European Union Agrees to Limit Gas Use This Winter to Avoid Shortages

    26 July 2022

    European Union governments agreed Tuesday to ration natural gas this winter.

    The move is meant to prevent severe shortages in the future. The agreement came after less than one week of talks.

    EU officials hope rationing gas in the winter will protect Europe against further supply cuts by Russia as it continues its invasion of Ukraine.

    The gas storage plant Reckrod is pictured near Eiterfeld, central Germany, Thursday, July 14, 2022. (AP Photo/Michael Probst, File)
    The gas storage plant Reckrod is pictured near Eiterfeld, central Germany, Thursday, July 14, 2022. (AP Photo/Michael Probst, File)

    EU energy officials approved a draft European law meant to lower demand for gas by 15 percent from August through March. The new law includes voluntary national measures to reduce gas use. But if the voluntary measures do not ease supplies enough, there will be required measures for the 27-country group.

    European Commission President Ursula von der Leyen said in a statement that "the EU has taken a decisive step to face down the threat of a full gas disruption by (Russian President Vladimir) Putin."

    On Monday, Russian energy company Gazprom said it would limit supplies to the EU through the Nord Stream 1 pipeline to 20 percent of the normal amount. There are fears the Russian president will continue to use the gas trade against the EU for its opposition to the war in Ukraine.

    "The winter is coming and we don't know how cold it will be," said Czech Industry Minister Jozef Sikela, whose policy responsibilities include energy. He said he believes Russia will continue to use gas to try to influence Europe.

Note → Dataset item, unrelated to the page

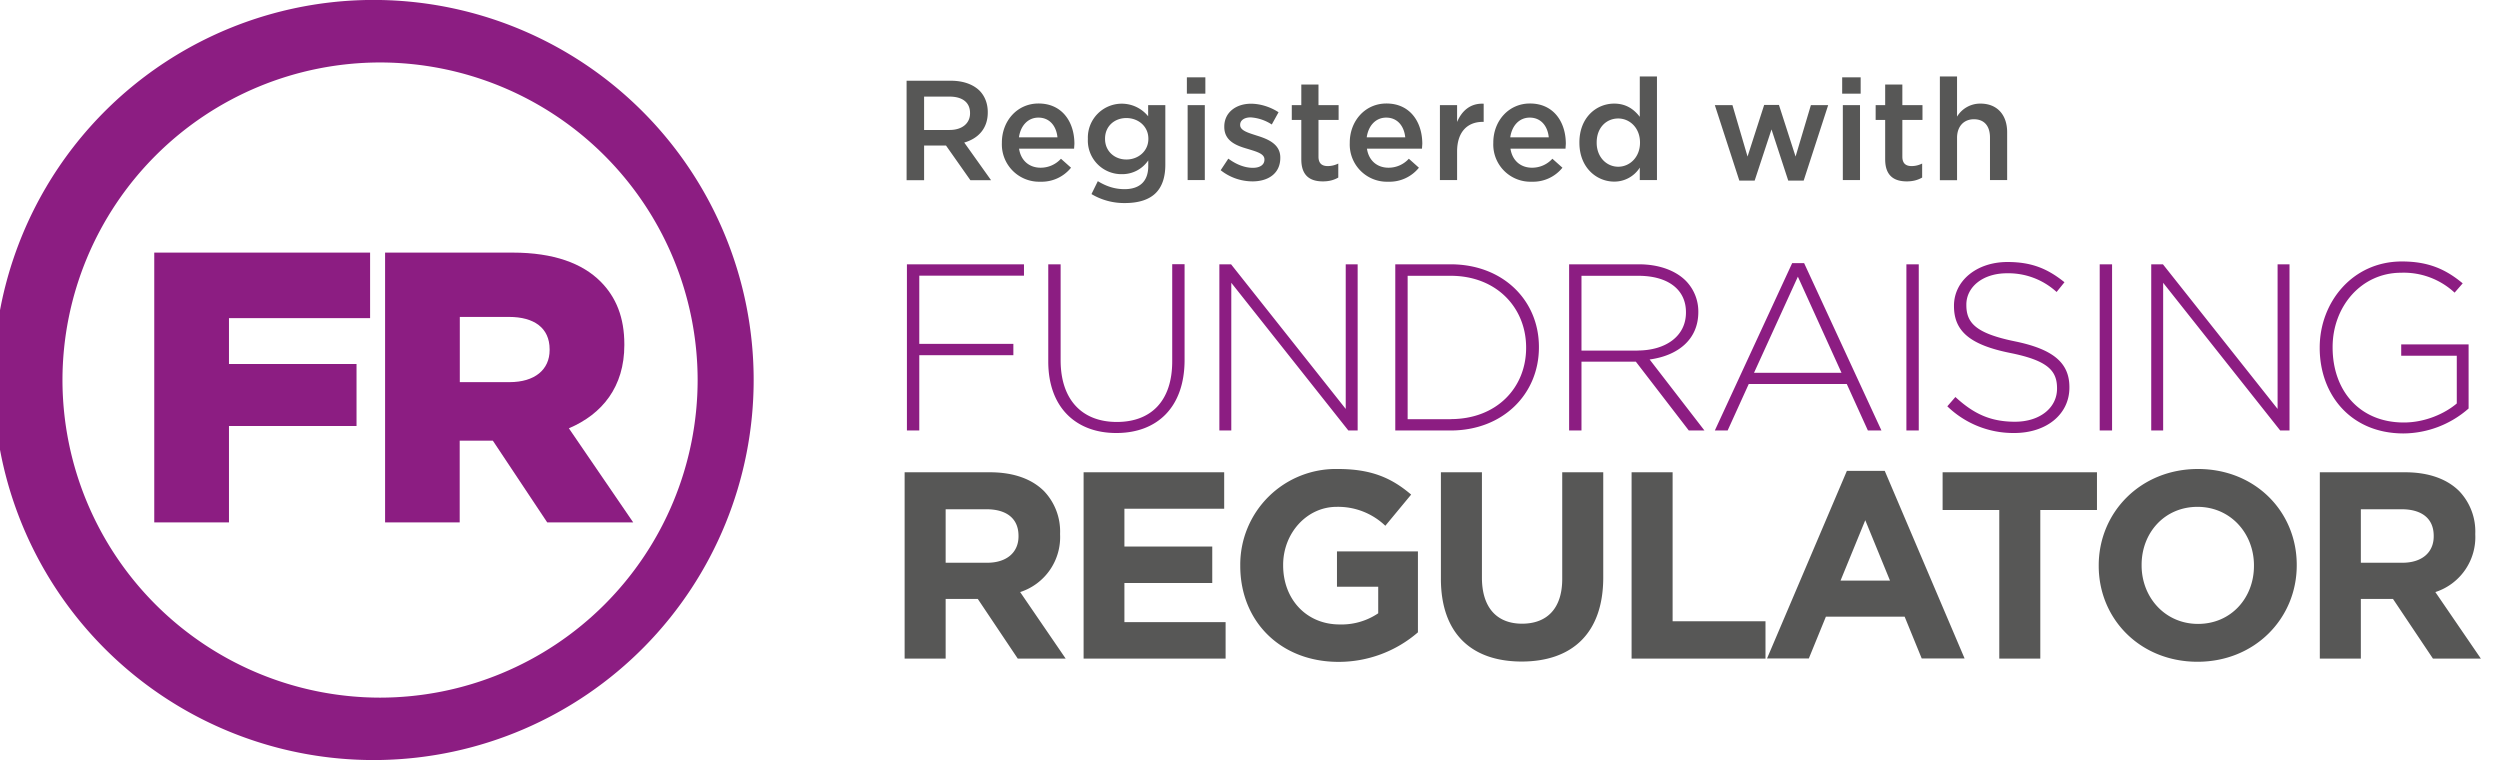 <svg xmlns="http://www.w3.org/2000/svg" viewBox="0 0 228.52 69.48"><g fill="#8c1d82"><path d="M34.74 5.71a29.06 29.06 0 0 1 29.03 29.03 29.06 29.06 0 0 1-29.03 29.03A29.06 29.06 0 0 1 5.71 34.74 29.06 29.06 0 0 1 34.74 5.71m0-5.71a34.74 34.74 0 1 0 0 69.47 34.74 34.74 0 0 0 0-69.47z"/><path d="M14.1 23.09h19.73v5.99h-12.9v4.19h11.66v5.67H20.93v8.81H14.1V23.09zm21.1 0h11.66c3.77 0 6.38.99 8.03 2.64 1.44 1.44 2.18 3.31 2.18 5.74v.07c0 3.81-2.01 6.31-5.07 7.61l5.88 8.6h-7.86l-4.97-7.47h-3.03v7.47H35.2V23.09zm11.38 11.84c2.29 0 3.66-1.13 3.66-2.93v-.07c0-1.97-1.44-2.96-3.7-2.96h-4.51v5.96h4.55z"/></g><path fill="#8c1d82" d="M82.9 24.16h10.7v1.04h-9.57v6.23h8.6v1.04h-8.6v6.88H82.9V24.16zm12.92 8.88v-8.88h1.13v8.77c0 3.58 1.93 5.64 5.14 5.64 3.08 0 5.06-1.87 5.06-5.54v-8.88h1.13v8.75c0 4.36-2.54 6.68-6.23 6.68-3.65.01-6.23-2.29-6.23-6.54zm15.65-8.88h1.06l10.48 13.22V24.16h1.09v15.19h-.85l-10.7-13.5v13.5h-1.09V24.16zm16.07 0h5.06c4.77 0 8.07 3.28 8.07 7.55v.04c0 4.28-3.3 7.6-8.07 7.6h-5.06V24.16zm5.06 14.15c4.23 0 6.9-2.89 6.9-6.51v-.04c0-3.6-2.67-6.55-6.9-6.55h-3.93v13.11h3.93zm10.83-14.15h6.38c1.87 0 3.37.59 4.28 1.5a4 4 0 0 1 1.15 2.82v.04c0 2.54-1.89 3.99-4.45 4.34l5.01 6.49h-1.43l-4.84-6.29h-4.97v6.29h-1.13V24.16zm6.25 7.88c2.54 0 4.43-1.28 4.43-3.47v-.04c0-2.04-1.61-3.32-4.36-3.32h-5.19v6.84h5.12zm14.14-7.99h1.09l7.07 15.3h-1.24l-1.93-4.25h-8.96l-1.93 4.25h-1.17l7.07-15.3zm4.51 10.03-3.99-8.79-4.01 8.79h8zm5.93-9.92h1.13v15.19h-1.13V24.16zM178 37.14l.74-.85c1.67 1.54 3.21 2.26 5.45 2.26 2.28 0 3.84-1.28 3.84-3.02v-.04c0-1.61-.85-2.54-4.3-3.23-3.65-.74-5.12-1.98-5.12-4.28v-.04c0-2.26 2.06-3.99 4.89-3.99 2.21 0 3.67.61 5.21 1.85l-.72.89a6.53 6.53 0 0 0-4.54-1.71c-2.24 0-3.71 1.28-3.71 2.86v.04c0 1.61.82 2.58 4.43 3.32 3.52.72 4.99 1.97 4.99 4.19v.04c0 2.45-2.11 4.15-5.04 4.15a8.67 8.67 0 0 1-6.12-2.44zm13.93-12.98h1.13v15.19h-1.13V24.16zm4.72 0h1.06l10.48 13.22V24.16h1.09v15.19h-.85l-10.7-13.5v13.5h-1.09V24.16zm15.39 7.64v-.04c0-4.1 2.97-7.86 7.51-7.86 2.47 0 4.04.74 5.56 2l-.74.85a6.83 6.83 0 0 0-4.88-1.82c-3.69 0-6.27 3.13-6.27 6.79v.04c0 3.93 2.45 6.86 6.51 6.86 1.93 0 3.73-.8 4.84-1.74v-4.36h-5.08v-1.04h6.16v5.86a9.11 9.11 0 0 1-5.97 2.28c-4.8-.01-7.64-3.54-7.64-7.82z"/><path fill="#575756" d="M82.69 43.17h7.79c2.17 0 3.84.61 4.96 1.73a5.35 5.35 0 0 1 1.46 3.89v.05a5.28 5.28 0 0 1-3.65 5.28l4.16 6.08h-4.38l-3.65-5.45h-2.94v5.45h-3.75V43.17zm7.54 8.27c1.82 0 2.87-.97 2.87-2.41v-.05c0-1.61-1.12-2.43-2.94-2.43h-3.72v4.89h3.79zm8.82-8.27h12.85v3.33h-9.12v3.46h8.03v3.33h-8.03v3.58h9.25v3.33H99.05V43.17zm14.32 8.56v-.05a8.74 8.74 0 0 1 8.93-8.81c3.07 0 4.92.83 6.69 2.34l-2.36 2.85a6.24 6.24 0 0 0-4.45-1.73c-2.73 0-4.89 2.41-4.89 5.3v.05c0 3.11 2.14 5.4 5.16 5.4a6 6 0 0 0 3.53-1.02v-2.43h-3.77V50.4h7.4v7.4a11.07 11.07 0 0 1-7.28 2.7c-5.31-.01-8.96-3.73-8.96-8.77zm18.34 1.17v-9.73h3.75v9.63c0 2.77 1.39 4.21 3.67 4.21s3.67-1.39 3.67-4.09v-9.75h3.75v9.61c0 5.16-2.9 7.69-7.47 7.69-4.57-.01-7.37-2.56-7.37-7.57zm17.43-9.73h3.75v13.62h8.49v3.41h-12.24V43.17zm19.68-.13h3.46l7.3 17.15h-3.92l-1.56-3.82h-7.2l-1.56 3.82h-3.82l7.3-17.15zm3.94 10.03-2.26-5.52-2.26 5.52h4.52zm9.99-6.45h-5.18v-3.45h14.11v3.45h-5.18V60.2h-3.75V46.62zm9.09 5.11v-.05c0-4.84 3.82-8.81 9.07-8.81 5.26 0 9.03 3.92 9.03 8.76v.05c0 4.84-3.82 8.81-9.07 8.81s-9.03-3.92-9.03-8.76zm14.19 0v-.05c0-2.92-2.14-5.35-5.16-5.35s-5.11 2.38-5.11 5.3v.05c0 2.92 2.14 5.35 5.16 5.35s5.11-2.38 5.11-5.3zm6.02-8.56h7.79c2.16 0 3.84.61 4.96 1.73a5.35 5.35 0 0 1 1.46 3.89v.05a5.28 5.28 0 0 1-3.65 5.28l4.16 6.08h-4.38l-3.65-5.45h-2.94v5.45h-3.75V43.17zm7.54 8.27c1.83 0 2.87-.97 2.87-2.41v-.05c0-1.61-1.12-2.43-2.94-2.43h-3.72v4.89h3.79zM82.87 7.38h4.05c1.14 0 2.04.34 2.62.91.48.49.75 1.17.75 1.96v.03c0 1.49-.9 2.39-2.15 2.75l2.45 3.44H88.7l-2.23-3.17h-2v3.17h-1.6V7.38zm3.93 4.5c1.14 0 1.87-.6 1.87-1.52v-.03c0-.97-.7-1.5-1.88-1.5h-2.32v3.05h2.33zm4.78 1.18v-.03c0-1.96 1.39-3.57 3.35-3.57 2.18 0 3.28 1.71 3.28 3.69l-.03.44h-5.03c.17 1.12.96 1.74 1.97 1.74a2.5 2.5 0 0 0 1.86-.82l.92.82a3.45 3.45 0 0 1-2.8 1.28 3.41 3.41 0 0 1-3.52-3.55zm5.08-.51c-.1-1.01-.7-1.8-1.74-1.8-.96 0-1.63.74-1.78 1.8h3.52zm3.11 5.19.58-1.18c.74.45 1.51.73 2.44.73 1.4 0 2.17-.73 2.17-2.1v-.53a2.86 2.86 0 0 1-2.41 1.26 3.07 3.07 0 0 1-3.11-3.21v-.03a3.1 3.1 0 0 1 5.51-2.05V9.61h1.57v5.45c0 1.15-.3 2.01-.87 2.58-.62.62-1.58.92-2.82.92a5.81 5.81 0 0 1-3.06-.82zm5.2-5.04v-.03c0-1.12-.92-1.88-2.01-1.88-1.09 0-1.95.75-1.95 1.88v.03c0 1.12.87 1.88 1.95 1.88 1.09 0 2.01-.77 2.01-1.88zm3.52-5.63h1.69v1.49h-1.69V7.07zm.07 2.54h1.57v6.85h-1.57V9.61zm3.02 5.95.7-1.06c.75.56 1.54.84 2.24.84.67 0 1.06-.29 1.06-.74v-.03c0-.53-.73-.71-1.53-.96-1.01-.29-2.14-.7-2.14-2.01v-.03c0-1.3 1.08-2.09 2.44-2.09.86 0 1.79.3 2.52.78l-.62 1.12a3.99 3.99 0 0 0-1.93-.65c-.61 0-.96.29-.96.67v.03c0 .51.74.71 1.54.97 1 .31 2.13.77 2.13 2v.03c0 1.44-1.12 2.15-2.54 2.15a4.7 4.7 0 0 1-2.91-1.02zm7.37-.99v-3.61h-.87V9.61h.87V7.73h1.57v1.88h1.84v1.35h-1.84v3.36c0 .61.31.86.84.86.35 0 .66-.08.97-.23v1.28c-.39.22-.82.35-1.41.35-1.16 0-1.97-.51-1.97-2.01zm4.43-1.51v-.03c0-1.96 1.39-3.57 3.35-3.57 2.18 0 3.28 1.71 3.28 3.69l-.03.44h-5.03c.17 1.12.96 1.74 1.97 1.74a2.5 2.5 0 0 0 1.86-.82l.92.82a3.45 3.45 0 0 1-2.8 1.28 3.4 3.4 0 0 1-3.52-3.55zm5.07-.51c-.1-1.01-.7-1.8-1.74-1.8-.96 0-1.63.74-1.78 1.8h3.52zm3.17-2.94h1.57v1.54c.43-1.02 1.22-1.73 2.43-1.67v1.66h-.09c-1.38 0-2.34.9-2.34 2.71v2.61h-1.57V9.61zm4.88 3.45v-.03c0-1.96 1.39-3.57 3.35-3.57 2.18 0 3.28 1.71 3.28 3.69l-.03.44h-5.03c.17 1.12.96 1.74 1.97 1.74a2.5 2.5 0 0 0 1.86-.82l.92.82a3.45 3.45 0 0 1-2.8 1.28 3.4 3.4 0 0 1-3.52-3.55zm5.07-.51c-.1-1.01-.7-1.8-1.74-1.8-.96 0-1.63.74-1.78 1.8h3.52zm2.8.5v-.03c0-2.27 1.54-3.55 3.18-3.55 1.13 0 1.84.56 2.34 1.21V6.99h1.57v9.47h-1.57v-1.14a2.75 2.75 0 0 1-2.34 1.28c-1.61 0-3.18-1.28-3.18-3.55zm5.54 0v-.03c0-1.32-.93-2.19-1.99-2.19-1.08 0-1.97.83-1.97 2.19v.03c0 1.32.91 2.19 1.97 2.19s1.99-.88 1.99-2.19zm6.84-3.44h1.61l1.38 4.7 1.52-4.72h1.35l1.52 4.72 1.4-4.7h1.58l-2.24 6.9h-1.41l-1.53-4.68-1.54 4.68h-1.4l-2.24-6.9zm11.64-2.54h1.69v1.49h-1.69V7.07zm.06 2.54h1.57v6.85h-1.57V9.61zm3.87 4.96v-3.61h-.87V9.61h.87V7.73h1.57v1.88h1.84v1.35h-1.84v3.36c0 .61.31.86.84.86.35 0 .66-.08.97-.23v1.28c-.39.22-.82.35-1.41.35-1.15 0-1.97-.51-1.97-2.01zm5-7.58h1.57v3.67a2.47 2.47 0 0 1 2.14-1.19c1.54 0 2.44 1.04 2.44 2.62v4.37h-1.57v-3.89c0-1.06-.53-1.67-1.47-1.67-.91 0-1.54.64-1.54 1.7v3.87h-1.57V6.99z"/></svg>

    The EU reached the agreement in less than one week. It is based on a proposal from the European Commission, the EU's executive arm. The commission said the rationing would permit the group to get through the winter if Russia stops all gas supplies.

    Russia invaded Ukraine in February. Western countries reacted with economic sanctions. Since then, 12 EU countries have faced stops to, or reductions in, Russian gas supplies.

    The EU has agreed to ban oil and coal from Russia starting later this year. But it has not sanctioned Russian natural gas. That is because Germany, Italy and several other member states depend on Russia's supply.

    Problems between Russia and the EU are fueling inflation, which is already at record high levels in Europe and may start a recession there.

    The energy supply shortage is also testing European cooperation over policy. The EU has gained power over things like monetary, trade, and farm policies. But individual countries make their own decisions on energy.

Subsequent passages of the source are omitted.